Length of Stay (LoS) for in-hospital patients is a relevant indicator of efficiency in healthcare. Moreover, it is often related to the occurrence of hospital-acquired complications. In this work, we aim to explore time-to-event analysis for modelling LoS. We employed competing risk models (CR), as we considered two mutually exclusive outcomes: favorable discharge and deterioration. The explanatory variables included the patient’s sex, age, and longitudinal vital signs collected from a dataset comprising N=19,602 admissions. To address sparse measurements, we transformed longitudinal vital signs into cross-sectional statistics. Our approach involves data pre-processing, imputation of missing data, and variable selection. We proposed four types of CR models: Cause-specific Cox, Sub-distribution hazard, and two variants of Random Survival Forests, with both generalised Log-Rank test (cause-specific hazard estimates) and Gray’s test (cumulative incidences estimations) as node splitting rules. Performance in LoS CR models was evaluated over a time frame from 2 to 15 days. Additionally, we considered baselines with two well-established clinical early warning scores the National Early Warning Score (NEWS) and the Modified Early Warning Score (MEWS).
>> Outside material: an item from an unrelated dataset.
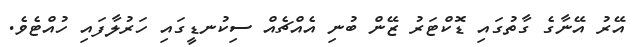
އޭރު އޭނާގެ ގާތުގައި ޑޮކްޓަރު ޒޭން ބުނި އެއްޗެއް ސިކުނޑީގައި ހަރުލާފައި ހުއްޓެވެ.
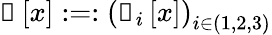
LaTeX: \boldsymbol{\mathscr{g}}\left[\mathcal{x}\right]:=:\left(\boldsymbol{\mathscr{g}}_{i}\left[\mathcal{x}\right]\right)_{i\in(1,2,3)}

The best model was Random Survival Forest using Gray’s test split, with Integrated Brier Score[×100] of 0.386, C-Index above 99%, and Brier Score below 0.006, along the entire time frame. Employing cross-sectional statistics derived from vital signs, along with rigorous data pre-processing, outperformed the degree of correctness of modelling LoS, compared to NEWS and MEWS.

Suggested Citation

  • Juan Carlos Espinosa-Moreno & Fernando García-García & Naia Mas-Bilbao & Susana García-Gutiérrez & María José Legarreta-Olabarrieta & Dae-Jin Lee, 2025. "Modelling in-hospital length of stay: A comparison of linear and ensemble models for competing risk analysis," PLOS ONE, Public Library of Science, vol. 20(8), pages 1-25, August.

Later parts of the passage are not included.